Writing with Precision: Watch Out for These Twelve WordsPosted: March 16, 2008
“If writing must be a precise form of communication, it should be treated like a precision instrument. It should be sharpened, and it should not be used carelessly.” Theodore M. Bernstein
In pursuit of precision, we offer here are a dozen word usages that sometimes trip us up. We often use them without realizing their precise meaning.
Demolish, destroy. You can’t partially destroy or demolish something. Demolish and destroy do away with completely. So there is no need to say something is totally destroyed.
Fliers, flyers. People who fly airplanes are fliers. Handbills are flyers.
Annual. It’s never the first annual anything. If something is happening for the first time, it can’t be annual yet. You can say you expect it to become an annual event. Use annual only for second and succeeding times.
Funeral service. The word service is redundant. A funeral is a service. (I know I was taught this in newswriting classes but I still have trouble remembering it, in writing and in speaking).

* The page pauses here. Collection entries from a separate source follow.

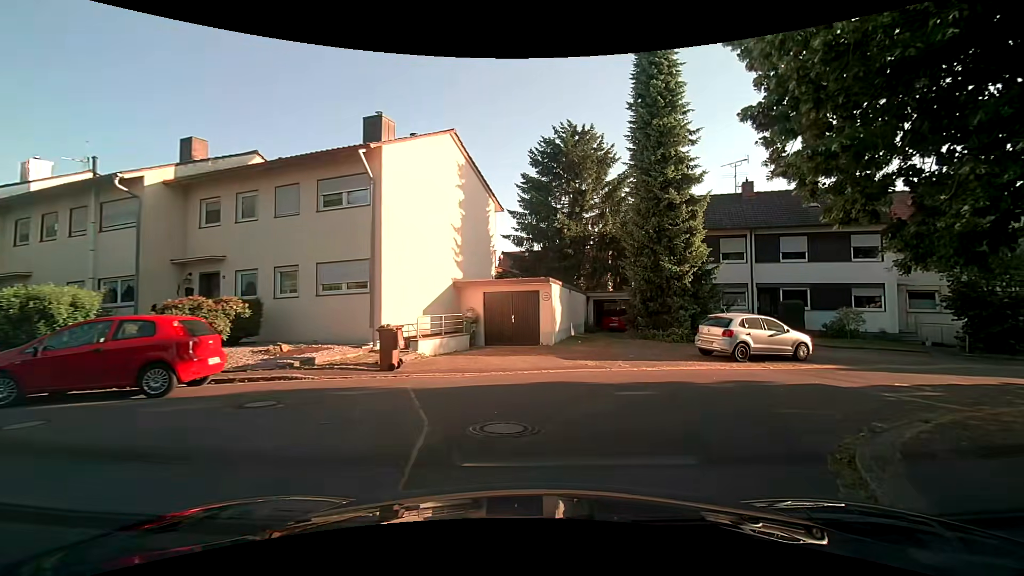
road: residential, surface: asphalt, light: Day
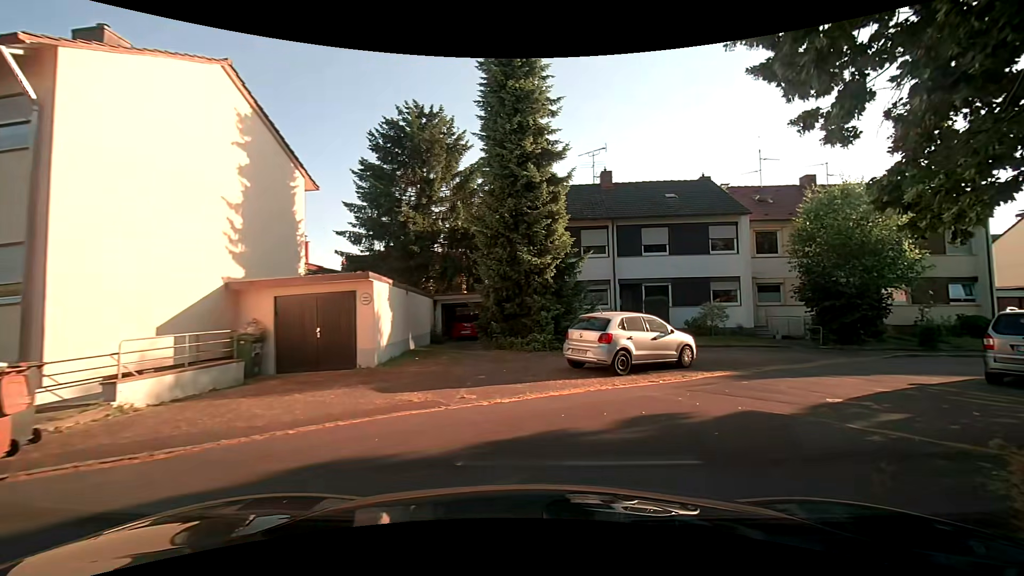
(+0.7, +5.0) m; +17°
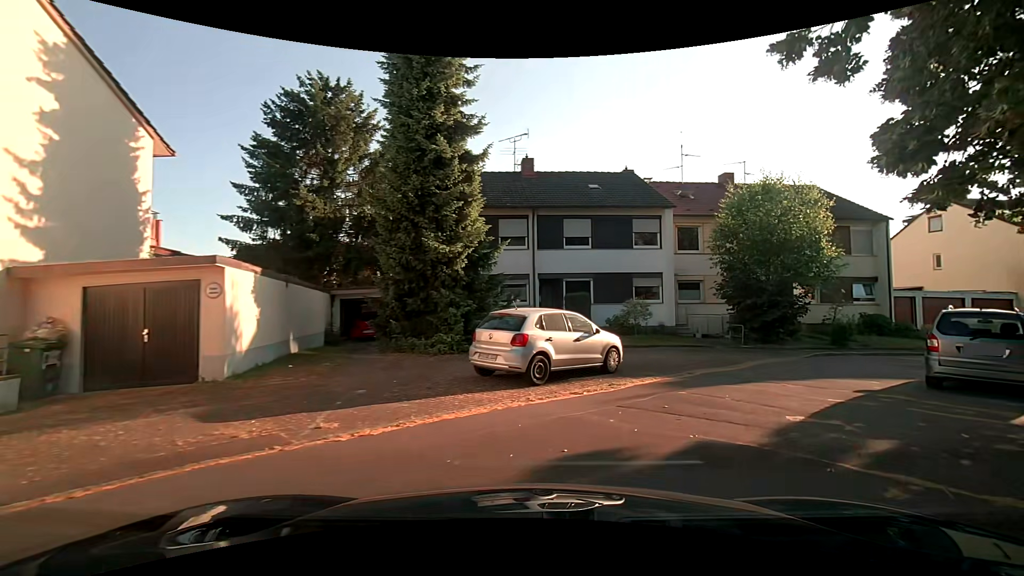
(+0.2, +2.4) m; +10°
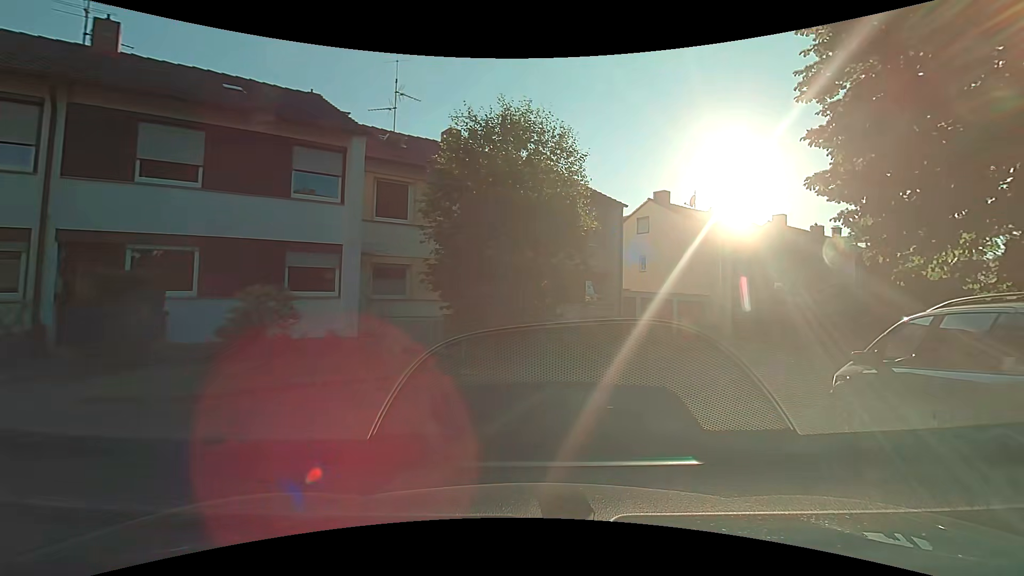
(+2.6, +9.7) m; +31°
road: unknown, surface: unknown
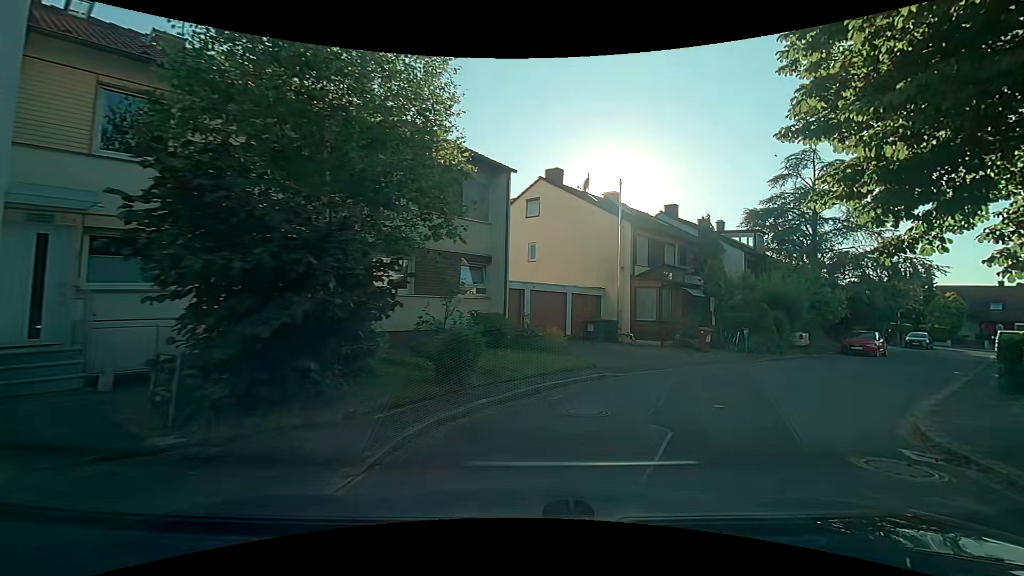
(+0.3, +5.4) m; +10°
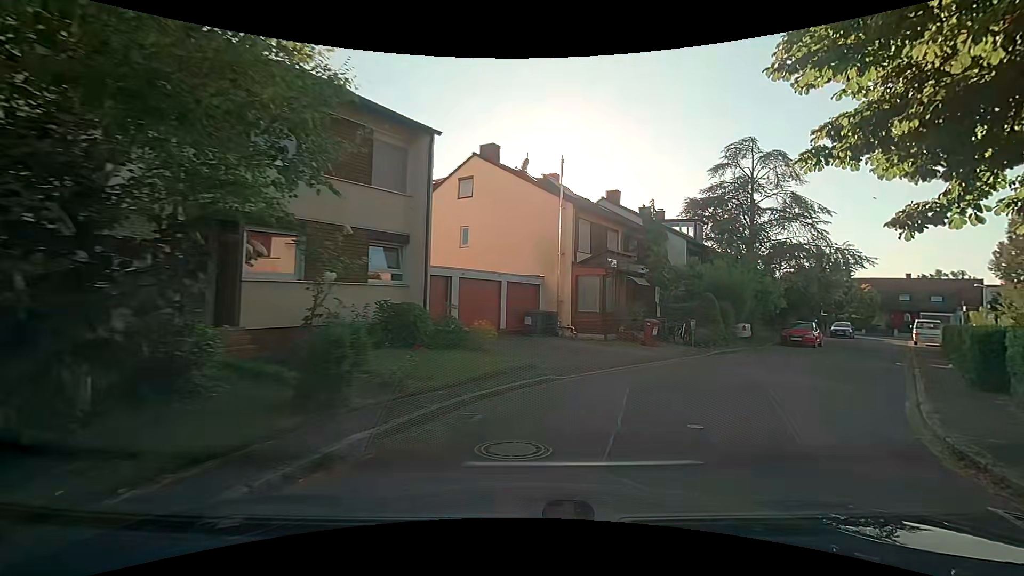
(+0.1, +2.7) m; +6°

Imply, infer. A speaker implies. A hearer infers.
Over, more than. Over refers to spatial relationships (the plane flew over the city). Use more than with figures. More than 50,000 fans attended the game.
Reluctant, reticent. If we don’t want to do something, we’re reluctant to do it. If we don’t want to speak about it, we’re reticent to talk about it.
Temperatures. Temperatures may get higher or lower but they don’t get warmer or cooler. Temperatures may rise, but they don’t warm up. The day becomes warmer or the air becomes warmer as the temperature rises.
And while talking about temperatures, if you think you’re coming down with a cold and you feel warm, don’t say you’re running a temperature. You are not. You may be running a fever. Our bodies always have a temperature, usually around 98.6 degrees. If it’s above that number, you probably have a fever.
Unique. Unique means something is the only one of its kind. It can’t be very unique or more unique or most unique (all of which imply comparison with other objects). It’s either unique (one of a kind) or it’s not.
Drown. Don’t say someone was drowned unless another person held the victim’s head under water to accomplish the deed. Otherwise, just say someone drowned.